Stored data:
•••
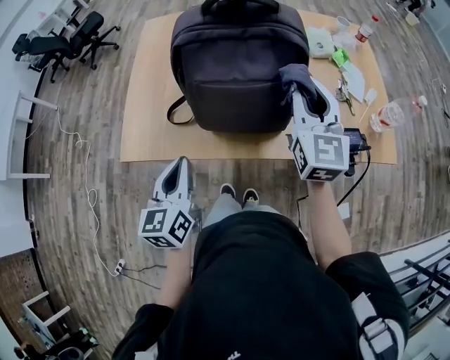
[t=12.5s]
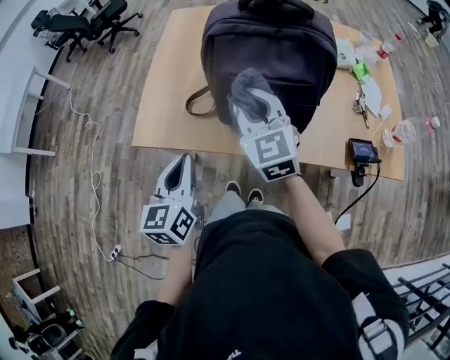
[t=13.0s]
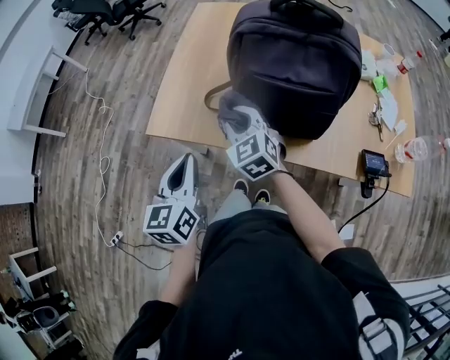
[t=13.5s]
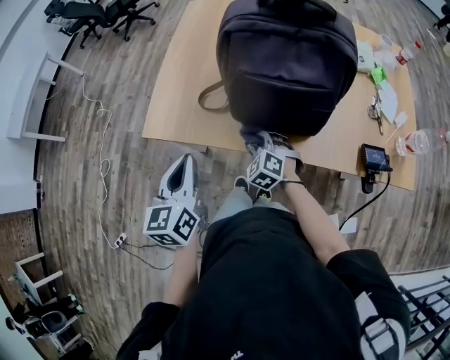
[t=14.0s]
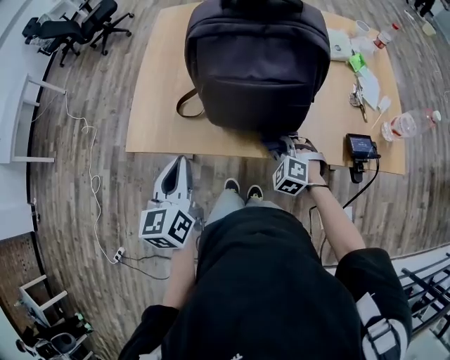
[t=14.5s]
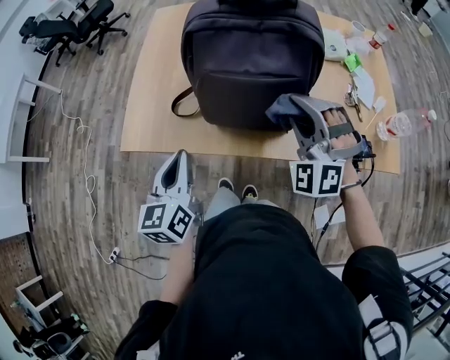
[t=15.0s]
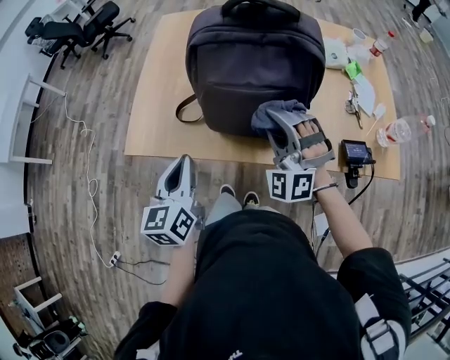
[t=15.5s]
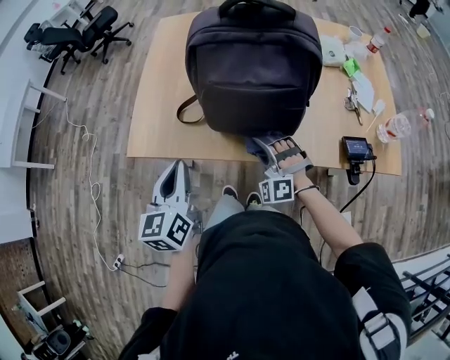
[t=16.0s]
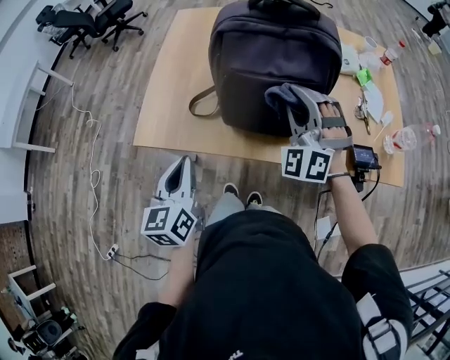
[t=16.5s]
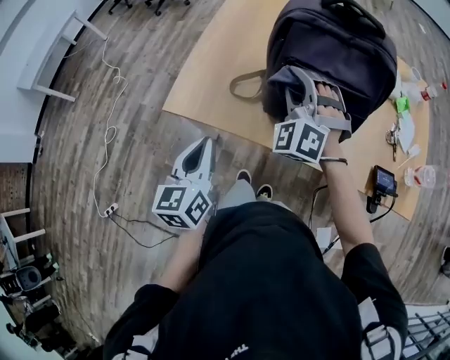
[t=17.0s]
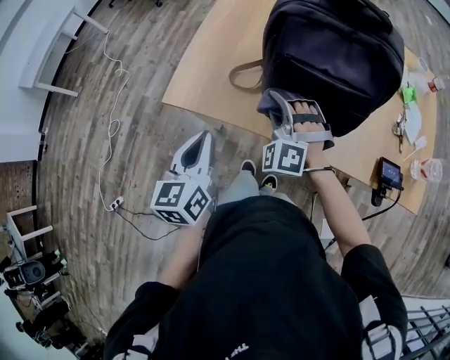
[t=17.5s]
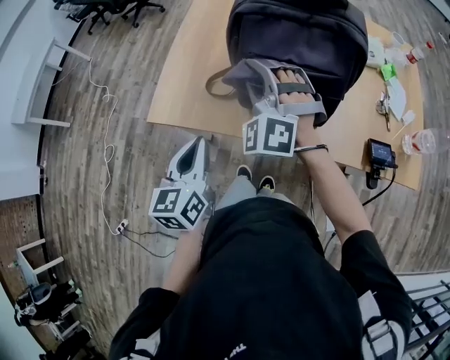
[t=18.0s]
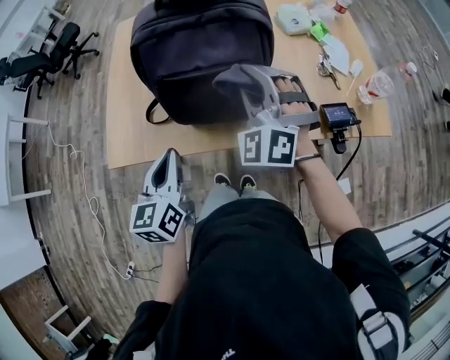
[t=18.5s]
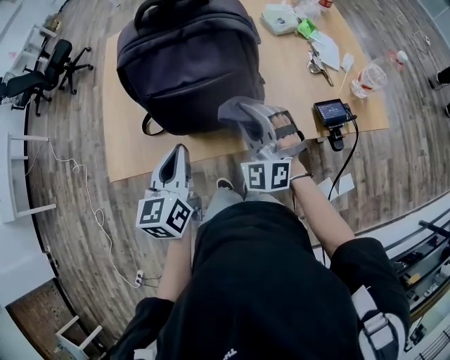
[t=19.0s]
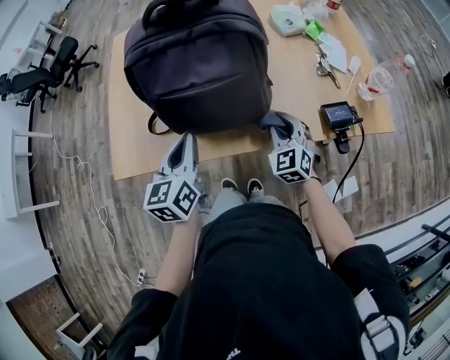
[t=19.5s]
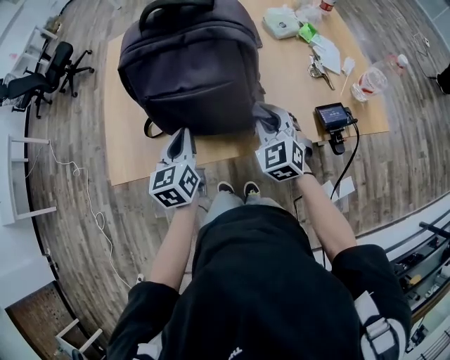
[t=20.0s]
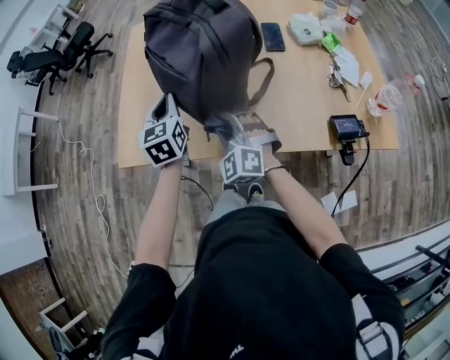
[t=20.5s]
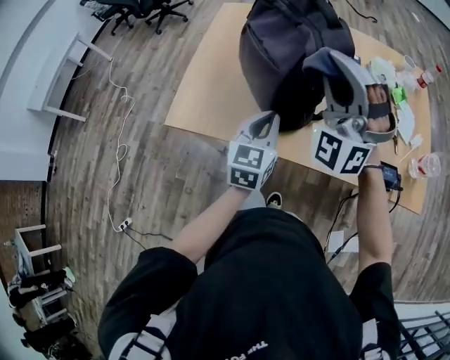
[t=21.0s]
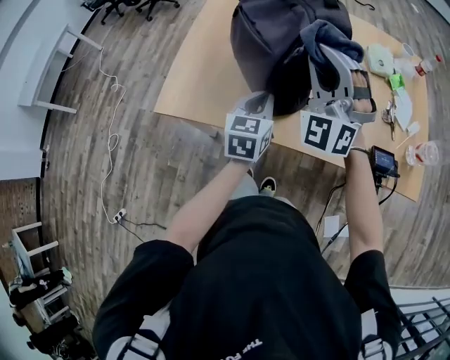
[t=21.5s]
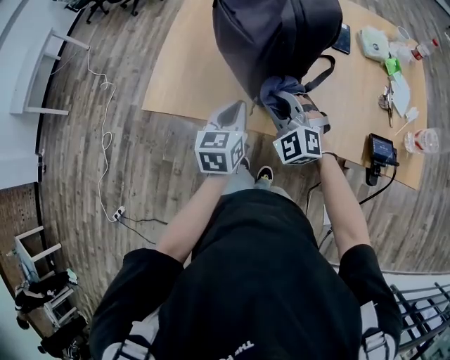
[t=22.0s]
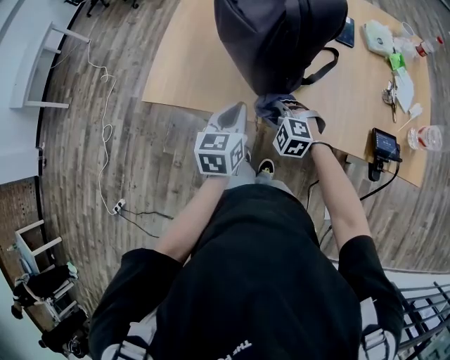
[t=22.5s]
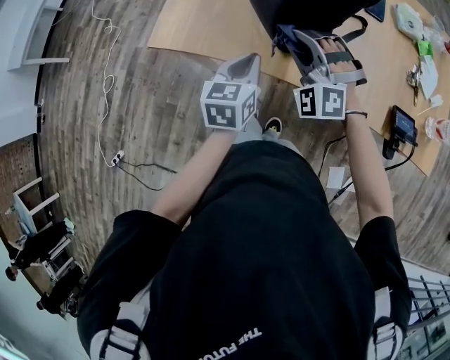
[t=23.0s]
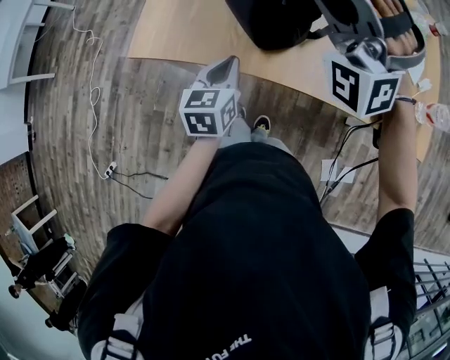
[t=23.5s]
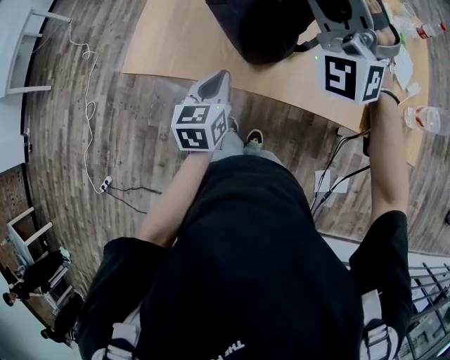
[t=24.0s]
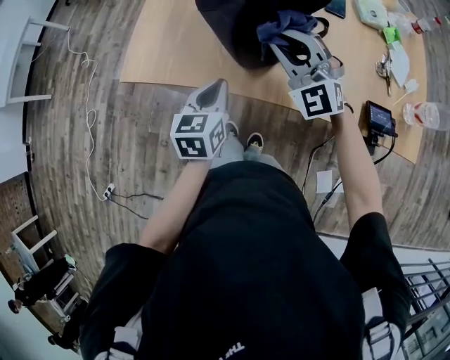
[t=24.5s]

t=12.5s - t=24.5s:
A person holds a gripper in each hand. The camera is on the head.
•••
■ What to produce:
Output every record above word for word, omitting any pictures they contain.

■ Answer for the task:
[t=12.5s]
[t=13.0s]
[t=13.5s]
[t=14.0s]
[t=14.5s]
[t=15.0s]
[t=15.5s]
[t=16.0s]
[t=16.5s]
[t=17.0s]
[t=17.5s]
[t=18.0s]
[t=18.5s]
[t=19.0s]
[t=19.5s]
[t=20.0s]
[t=20.5s]
[t=21.0s]
[t=21.5s]
[t=22.0s]
[t=22.5s]
[t=23.0s]
[t=23.5s]
[t=24.0s]
[t=24.5s]

t=12.5s - t=24.5s:
A person holds a gripper in each hand. The camera is on the head.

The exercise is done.